Mas isso não soluciona vários outros problemas. Uma traqueia doada pode não ter o tamanho certo; ela precisa ser destituída de suas células e semeada com as células do paciente enquanto este aguarda e o procedimento ainda requer órgãos de doadores, que estão sempre em falta.
Assim, para Beyene, foi decidido produzir um suporte tridimensional de plástico. O suporte sintético de Beyene foi fabricado por cientistas do University College em Londres, usando como modelo imagens scaneadas da traqueia natural do paciente. Foi um trabalho belíssimo de engenharia de polímeros, feito sob medida para ser encaixado no peito de Beyene.
Mesmo assim, ainda era apenas uma peça de plástico poroso, sem vida. Para que se tornasse um órgão funcional, era preciso que os espaços minúsculos no plástico fossem preenchidos com células que eventualmente funcionassem juntas como tecido. Não serviriam células quaisquer; Macchiarini e sua equipe começariam com células-tronco de Beyene, obtidas de sua medula óssea.
As células-tronco humanas fazem parte do sistema do corpo para construir e se reparar. Elas começam sendo uma tábula rasa, mas podem tornar-se células especializadas, específicas de tecidos ou órgãos diferentes, como a traqueia. Nos últimos anos, cientistas vêm fazendo grandes avanços no entendimento de como as células-tronco podem diferenciar-se dessa maneira.
A equipe de Estocolmo esperava que, com a ajuda de drogas estimulantes das células-tronco, as células de medula óssea colocadas na traqueia começassem a se converter no tipo de célula apropriado para o lado interno e externo do órgão. Mas Macchiarini acha que o processo não funcionou exatamente conforme o planejado.
"Estou convencido de que as células que estamos colocando no biorreator desaparecem após dois ou três dias", disse. Mas, ao morrer, elas liberam substâncias químicas que enviam sinais ao corpo para que envie mais células-tronco da medula óssea, através do fluxo sanguíneo, para o local, promovendo o processo regenerativo.
Cinco meses após a cirurgia, descobriu-se que a traqueia de Beyene estava parcialmente forrada de células especializadas. E, na consulta seguinte, Macchiarini notou que o revestimento celular ainda estava crescendo sem sinais de infecção. "O paciente está conseguindo tossir", disse o médico.
Se as células estão sobrevivendo, significa que a traqueia está criando uma teia de vasos sanguíneos, através do mesmo processo regenerativo que produziu as células especializadas.
Todos os tecidos precisam possuir essa teia, para que cada célula possa receber oxigênio e nutrientes.
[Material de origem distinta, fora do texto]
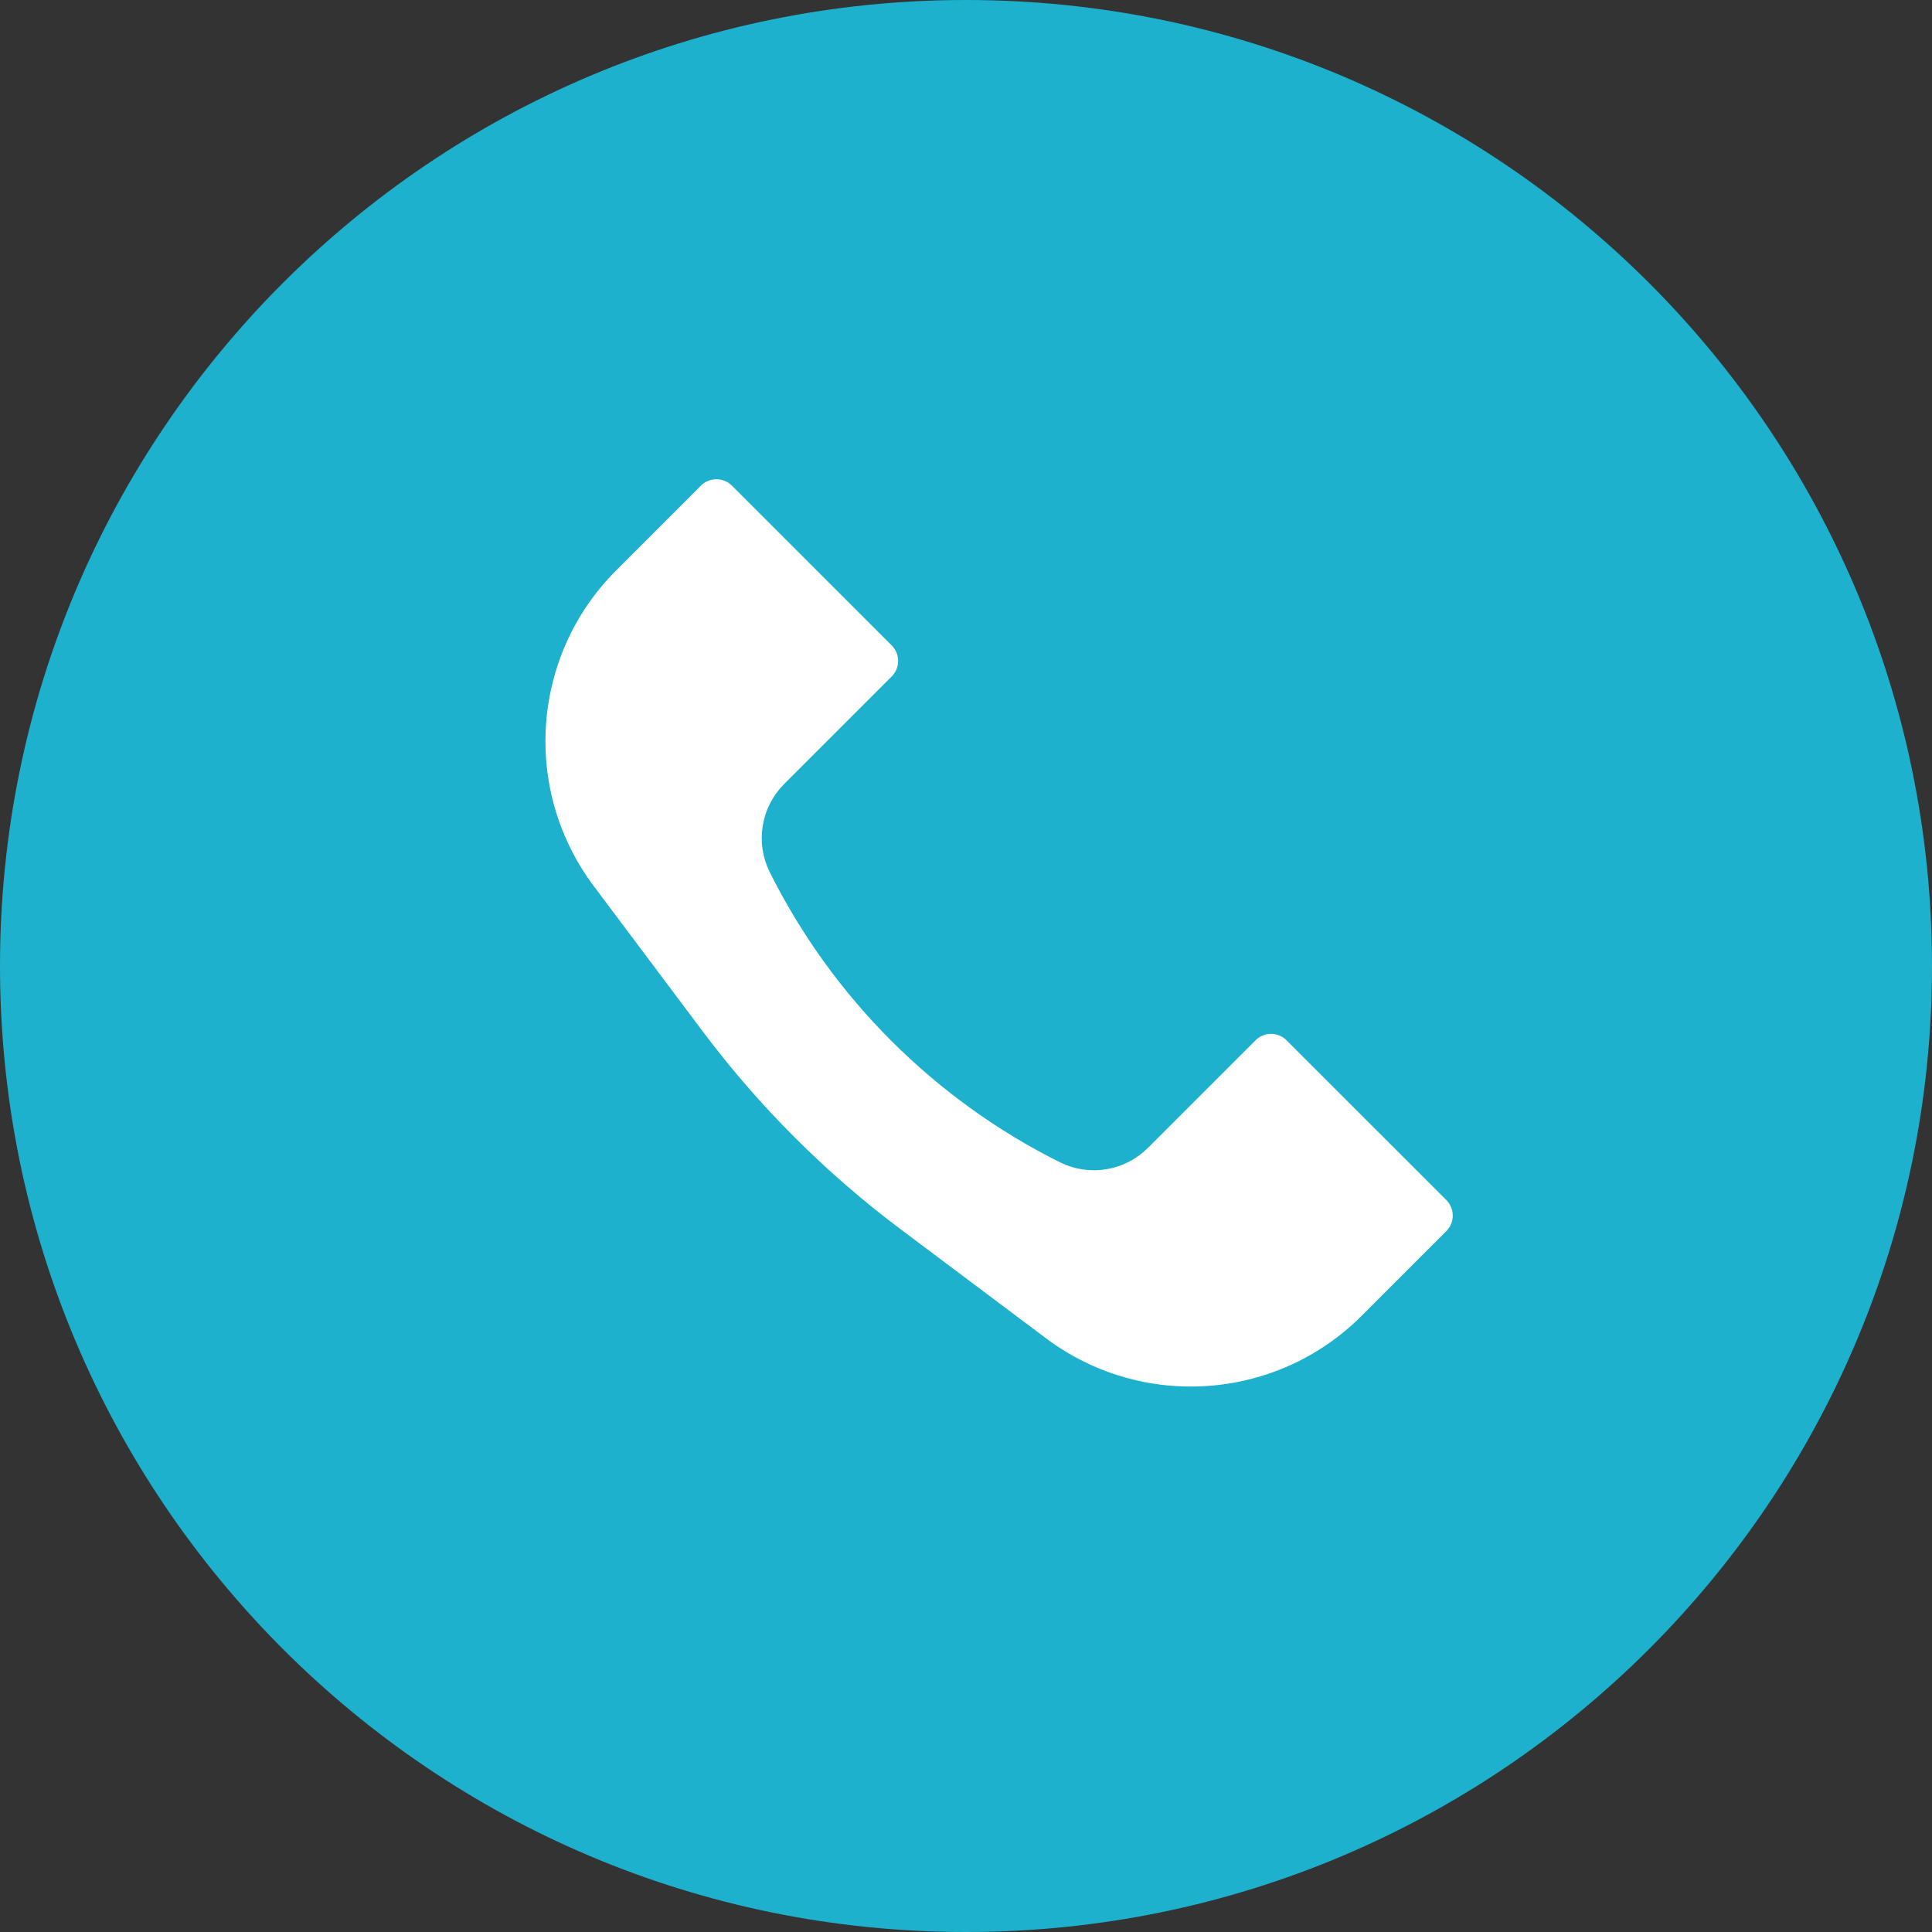 <?xml version="1.0" encoding="UTF-8"?> <svg xmlns="http://www.w3.org/2000/svg" width="44" height="44" viewBox="0 0 44 44" fill="none"><rect x="0" y="0" width="44" height="44" fill="#333333" stroke="none"/> <path d="M0 22C0 9.85 9.85 0 22 0C34.15 0 44 9.85 44 22C44 34.15 34.15 44 22 44C9.85 44 0 34.15 0 22Z" fill="#1DB1CD"></path> <path d="M13.68 12.636L15.609 10.707C15.999 10.317 16.632 10.317 17.023 10.707L20.661 14.345C21.052 14.736 21.052 15.369 20.661 15.76L18.211 18.21C17.834 18.587 17.74 19.164 17.979 19.642C19.359 22.402 21.598 24.641 24.358 26.021C24.836 26.26 25.413 26.166 25.79 25.789L28.24 23.339C28.631 22.948 29.264 22.948 29.654 23.339L33.293 26.977C33.683 27.368 33.683 28.001 33.293 28.391L31.364 30.32C29.253 32.432 25.91 32.669 23.521 30.878L20.207 28.392C18.464 27.085 16.915 25.536 15.607 23.793L13.122 20.479C11.331 18.09 11.568 14.748 13.68 12.636Z" fill="white" stroke="#1DB1CD"></path> </svg>

Mas assegurar o desenvolvimento dessa teia é um desafio enorme.
"Desde o princípio, pensamos que a principal barreira ao êxito deste experimento seria o fluxo de sangue", disse Vacanti.
Os médicos de Beyene tinham uma maneira de se certificar de que a traqueia dele estava desenvolvendo uma rede de vasos sanguíneos. Eles provocaram propositalmente uma ligeira lesão no revestimento interno da traqueia.
"Se sangra, é porque está vivo", disse Macchiarini. A traqueia de Beyene sangrou.
Em junho, Macchiarini realizou cirurgias semelhantes em dois pacientes na Rússia. Ele disse que os dois já tiveram alta do hospital e estão se recuperando bem.
Mas, para ele, é preciso que exista uma solução menos complexa e trabalhosa, algo que não envolva procedimentos que podem custar até meio milhão de dólares. Ele visualiza suportes tridimensionais ainda melhores e sua implantação sem células, usando drogas para estimular o corpo a enviar células para o local.